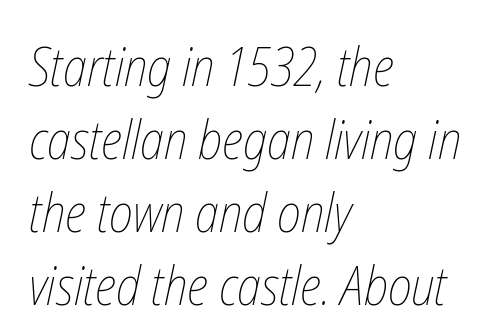
{"bold": "no", "weight": "thin", "width": "condensed", "stroke_contrast": "low", "x_height": "medium", "monospaced": "no", "underline": "no", "align": "left", "line_spacing": "normal", "line_spacing_ratio": 1.38, "letter_spacing": "normal", "letter_spacing_em": 0.0, "glyph_px": 53}
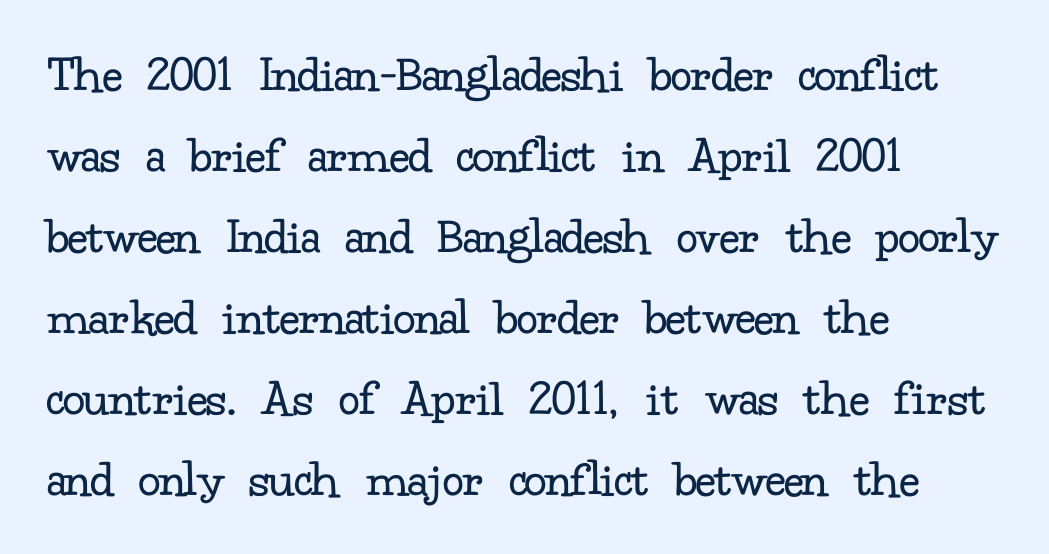
The image shows 53 px regular-weight serif type, upright; set left-aligned, normal line spacing (1.53x), normal letter spacing, not underlined; low stroke contrast and a small x-height.
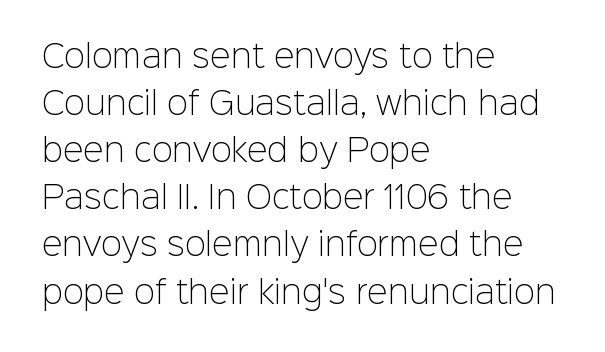
{"serif": "no", "italic": "no", "bold": "no", "weight": "light", "width": "normal", "stroke_contrast": "low", "x_height": "medium", "monospaced": "no", "underline": "no", "align": "left", "line_spacing": "normal", "line_spacing_ratio": 1.52, "letter_spacing": "normal", "letter_spacing_em": 0.0, "glyph_px": 31}
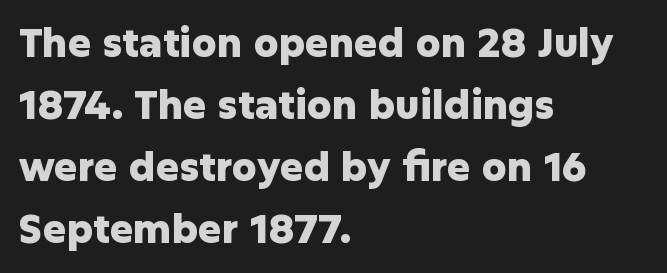
Q: Is the text bold? A: Yes.
Q: Is the text italic (slanted)? A: No, it is upright.
Q: Is the typeface a serif or a sans-serif typeface? A: Sans-serif.
Q: Is the text underlined? A: No.
Q: How is the paragraph aligned? A: Left-aligned.
Q: Is the spacing between letters normal or unusually wide? A: Normal.
Q: Is the spacing between lines tight, normal or loose? A: Normal.
Q: Width (condensed, normal, or wide)? A: Normal.
Q: Stroke contrast? A: Low.
Q: x-height? A: Medium.
Q: Monospaced? A: No.
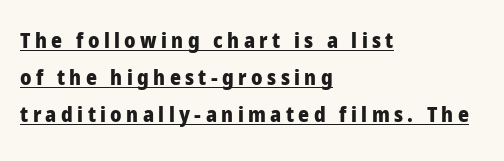
{"italic": "no", "bold": "yes", "underline": "yes", "align": "left", "line_spacing_ratio": 1.76, "letter_spacing": "wide", "letter_spacing_em": 0.21, "glyph_px": 21}
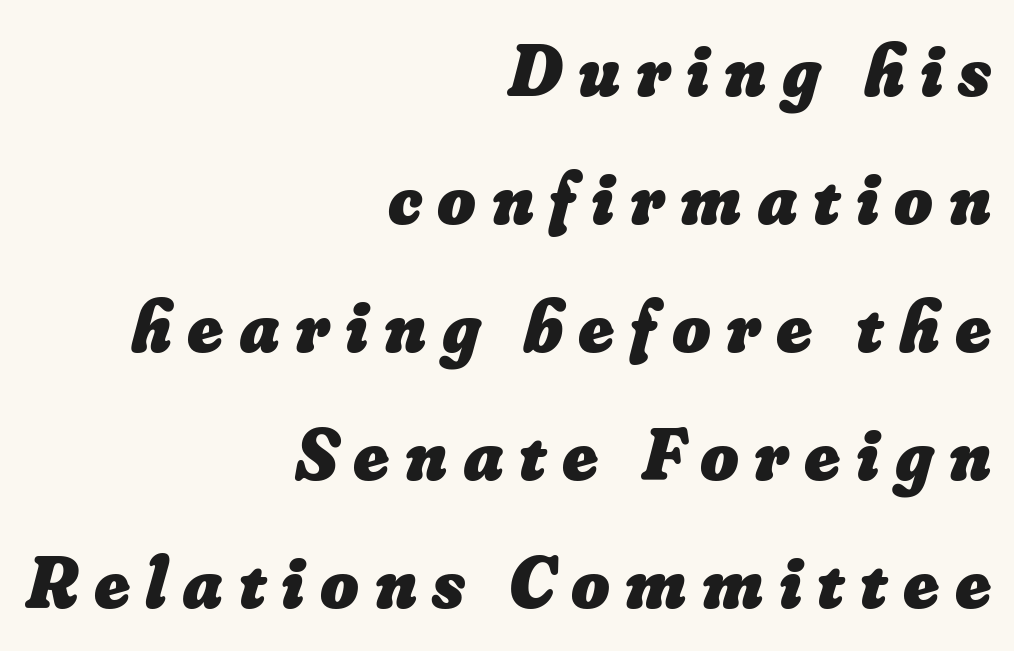
The string is rendered with underlining switched off. Note the varied advance widths — an 'i' is clearly narrower than an 'm'. I'd describe the lettering as bold — thick and assertive. Honestly, the letter spacing is so wide it's the main thing you notice.
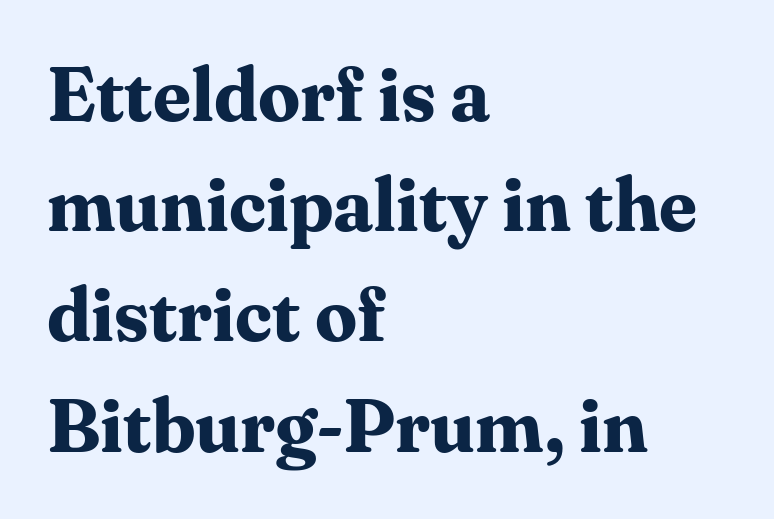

____

● **TASK ITEM**:
Copy out the lines above exactly, beginning at the one that contains "Q: Is the text underlined? A: No." and ending at the one that contains "Q: Is the spacing between lines".

● **COMPLETED EXERCISE**:
Q: Is the text underlined? A: No.
Q: How is the paragraph aligned? A: Left-aligned.
Q: Is the spacing between letters normal or unusually wide? A: Normal.
Q: Is the spacing between lines tight, normal or loose? A: Normal.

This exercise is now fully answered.